Karim Aïnouz : Oui, j’étais assez surpris d’être aussi igno­rant de cette histoire. Je crois que c’est surtout un film sur l’igno­rance de la colo­ni­sa­tion. Et je voulais montrer ce qui avait fait que mon père était parti aux États-Unis. C’était donc très impor­tant pour moi en rentrant du voyage de retrou­ver les images qui racon­taient ce qu’é­tait ce pays.

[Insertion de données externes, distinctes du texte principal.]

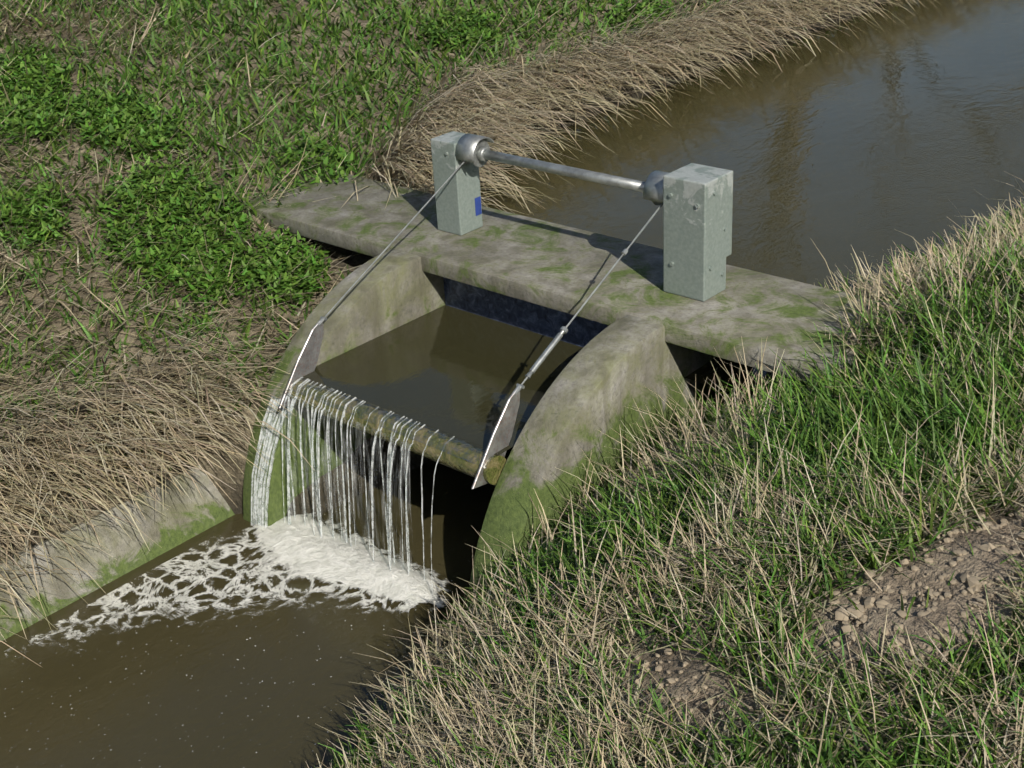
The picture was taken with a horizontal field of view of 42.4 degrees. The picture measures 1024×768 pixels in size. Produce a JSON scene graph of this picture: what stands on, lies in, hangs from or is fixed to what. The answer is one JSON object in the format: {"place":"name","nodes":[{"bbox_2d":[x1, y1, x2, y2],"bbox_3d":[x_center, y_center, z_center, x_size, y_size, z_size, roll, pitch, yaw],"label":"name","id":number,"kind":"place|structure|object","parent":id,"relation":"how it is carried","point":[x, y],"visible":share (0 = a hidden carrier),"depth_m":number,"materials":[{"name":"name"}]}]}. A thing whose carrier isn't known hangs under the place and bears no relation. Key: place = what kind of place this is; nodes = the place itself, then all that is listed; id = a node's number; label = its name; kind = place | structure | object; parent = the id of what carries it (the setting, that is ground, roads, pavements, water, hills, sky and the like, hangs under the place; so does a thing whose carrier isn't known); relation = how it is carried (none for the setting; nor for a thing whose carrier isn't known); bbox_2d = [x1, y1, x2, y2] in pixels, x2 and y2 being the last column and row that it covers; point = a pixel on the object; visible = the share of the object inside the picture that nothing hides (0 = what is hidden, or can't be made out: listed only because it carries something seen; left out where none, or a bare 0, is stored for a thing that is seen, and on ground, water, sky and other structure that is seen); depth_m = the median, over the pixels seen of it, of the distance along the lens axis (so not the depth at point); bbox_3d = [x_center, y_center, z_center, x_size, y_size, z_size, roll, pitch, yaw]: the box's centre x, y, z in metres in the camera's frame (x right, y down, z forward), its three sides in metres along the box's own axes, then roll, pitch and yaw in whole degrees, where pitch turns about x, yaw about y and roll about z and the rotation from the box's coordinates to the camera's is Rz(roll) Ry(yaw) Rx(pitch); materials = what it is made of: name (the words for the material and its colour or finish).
{"place":"outdoors","nodes":[
{"label":"outdoors","id":0,"kind":"place"},
{"bbox_2d":[285,379,506,484],"bbox_3d":[-0.362,0.128,3.907,0.852,0.088,0.088,19,34,37],"label":"weir crest","id":1,"kind":"object","parent":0,"point":[458,455],"visible":0.93,"depth_m":3.84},
{"bbox_2d":[0,0,962,665],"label":"dry grass","id":2,"kind":"structure","parent":0,"point":[496,130],"depth_m":5.17,"materials":[{"name":"plant"}]},
{"bbox_2d":[0,0,1023,767],"bbox_3d":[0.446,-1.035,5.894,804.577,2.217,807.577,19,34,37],"label":"ground","id":3,"kind":"structure","parent":0,"point":[366,464],"depth_m":4.41,"materials":[{"name":"soil"}]},
{"bbox_2d":[0,465,234,640],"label":"concrete canal lining","id":4,"kind":"object","parent":3,"relation":"on","point":[185,518],"visible":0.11,"depth_m":4.05,"materials":[{"name":"concrete"}]},
{"bbox_2d":[0,460,495,767],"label":"water","id":5,"kind":"structure","parent":3,"relation":"on","point":[222,705],"depth_m":3.69,"materials":[{"name":"brown liquid"}]},
{"bbox_2d":[5,513,458,767],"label":"water foam","id":6,"kind":"object","parent":5,"relation":"on","point":[307,546],"visible":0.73,"depth_m":4.00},
{"bbox_2d":[251,380,431,563],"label":"water droplets","id":7,"kind":"object","parent":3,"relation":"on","point":[342,470],"visible":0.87,"depth_m":4.07,"materials":[{"name":"white liquid"}]},
{"bbox_2d":[243,249,444,525],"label":"weir wall","id":8,"kind":"structure","parent":3,"relation":"on","point":[392,289],"depth_m":4.29,"materials":[{"name":"concrete"}]},
{"bbox_2d":[0,0,703,312],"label":"weed leaves","id":9,"kind":"object","parent":3,"relation":"on","point":[40,114],"visible":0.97,"depth_m":5.00,"materials":[{"name":"green plant"}]},
{"bbox_2d":[0,0,883,538],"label":"green grass","id":10,"kind":"structure","parent":3,"relation":"on","point":[260,34],"depth_m":5.91,"materials":[{"name":"green plant"}]},
{"bbox_2d":[243,173,883,385],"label":"slab","id":11,"kind":"structure","parent":3,"relation":"on","point":[559,267],"depth_m":4.24,"materials":[{"name":"grey concrete"}]},
{"bbox_2d":[431,131,482,234],"bbox_3d":[-0.193,-0.697,4.589,0.115,0.330,0.120,19,34,37],"label":"post","id":12,"kind":"object","parent":11,"relation":"on","point":[458,193],"visible":0.93,"depth_m":4.55,"materials":[{"name":"grey metal"}]},
{"bbox_2d":[475,196,481,215],"bbox_3d":[-0.118,-0.622,4.616,0.002,0.065,0.030,19,34,37],"label":"blue label plate","id":13,"kind":"object","parent":12,"relation":"attached to","point":[478,210],"visible":1,"depth_m":4.62,"materials":[{"name":"blue plastic"}]},
{"bbox_2d":[455,134,668,204],"bbox_3d":[0.176,-0.681,4.227,0.885,0.113,0.108,19,34,37],"label":"hoist shaft","id":14,"kind":"object","parent":12,"relation":"attached to","point":[475,150],"visible":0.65,"depth_m":4.25,"materials":[{"name":"silver metal"}]},
{"bbox_2d":[316,161,662,394],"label":"lifting cables","id":15,"kind":"object","parent":14,"relation":"hanging from","point":[547,351],"visible":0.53,"depth_m":3.83,"materials":[{"name":"grey metal"}]},
{"bbox_2d":[443,277,608,346],"bbox_3d":[0.100,-0.063,4.397,0.856,0.538,0.012,19,34,37],"label":"weir baffle","id":16,"kind":"object","parent":11,"relation":"attached to","point":[539,319],"depth_m":4.37,"materials":[{"name":"metal"}]},
{"bbox_2d":[663,163,732,301],"bbox_3d":[0.560,-0.456,3.971,0.156,0.370,0.156,19,34,37],"label":"post","id":17,"kind":"object","parent":11,"relation":"on","point":[697,221],"visible":1,"depth_m":3.92,"materials":[{"name":"grey metal"}]},
{"bbox_2d":[467,315,731,613],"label":"weir wall","id":18,"kind":"structure","parent":3,"relation":"on","point":[606,376],"depth_m":3.70,"materials":[{"name":"concrete"}]},
{"bbox_2d":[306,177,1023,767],"bbox_3d":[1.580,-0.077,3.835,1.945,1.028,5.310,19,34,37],"label":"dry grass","id":19,"kind":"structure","parent":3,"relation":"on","point":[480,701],"depth_m":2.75,"materials":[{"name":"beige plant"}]},
{"bbox_2d":[314,200,1023,767],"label":"grass","id":20,"kind":"structure","parent":3,"relation":"on","point":[896,414],"depth_m":2.87,"materials":[{"name":"green plant"}]},
{"bbox_2d":[480,0,1023,397],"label":"water","id":21,"kind":"structure","parent":3,"relation":"on","point":[870,141],"depth_m":6.06,"materials":[{"name":"brown liquid"}]},
{"bbox_2d":[607,508,1023,728],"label":"earth clods","id":22,"kind":"object","parent":3,"relation":"on","point":[975,585],"visible":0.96,"depth_m":2.42,"materials":[{"name":"brown soil"}]},
{"bbox_3d":[-0.154,0.248,4.216,0.850,0.571,0.571,19,34,37],"label":"flap","id":23,"kind":"object","parent":3,"relation":"on","visible":0},
{"bbox_2d":[278,321,323,407],"bbox_3d":[-0.661,-0.056,4.134,0.008,0.240,0.215,19,34,37],"label":"plate","id":24,"kind":"object","parent":23,"relation":"attached to","point":[306,362],"visible":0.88,"depth_m":4.13,"materials":[{"name":"metal"}]},
{"bbox_2d":[300,305,582,455],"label":"water pool","id":25,"kind":"structure","parent":23,"relation":"on","point":[454,373],"depth_m":4.12,"materials":[{"name":"brown liquid"}]},
{"bbox_2d":[471,389,519,488],"bbox_3d":[-0.045,0.156,3.636,0.008,0.240,0.215,19,34,37],"label":"plate","id":26,"kind":"object","parent":23,"relation":"attached to","point":[500,438],"visible":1,"depth_m":3.64,"materials":[{"name":"metal"}]}
]}

J’ai d’abord beau­coup trouvé d’images d’ar­chive dans les musées mili­taires français, mais c’était évidem­ment des images très colo­nia­listes. C’est en trou­vant des archives en Tché­quie et dans d’autres pays “non alignés” que j’ai pu les inté­grer au film et les confron­ter à la matière brute du docu­men­taire. Le film s’en est profon­dé­ment modi­fié.

C’est presque devenu une mission pour moi de mettre au jour des histoires qui ont été éclip­sées. Je suis de plus en plus inté­ressé par donner un visage à un passé qui n’a pas de visage.

Karim Aïnouz

C’est un docu­men­taire construit comme un rêve comme vos fictions comme Le Jeu de la Reine ou La Vie invi­sible d’Eu­ri­dice

Jude Law et Alice Vikan­der dans Le Jeu de la Reine de Karim Aïnouz.

Oui, Le Jeu de la reine, c’est une histoire très distante mais c’est l’his­toire d’un pouvoir colo­nial avant l’heure. Euri­dice aussi. C’est de plus en plus impor­tant pour moi de mettre au jour des histoires qui ont été éclip­sées. C’est presque comme si j’avais une mission de racon­ter des histoires qui ont été occul­tées. Je suis de plus en plus inté­ressé par donner un visage à un passé qui n’a pas de visage. Dans Le Jeu de la reine, il était capi­tal pour moi de faire exis­ter cette femme dont on a très peu parlé.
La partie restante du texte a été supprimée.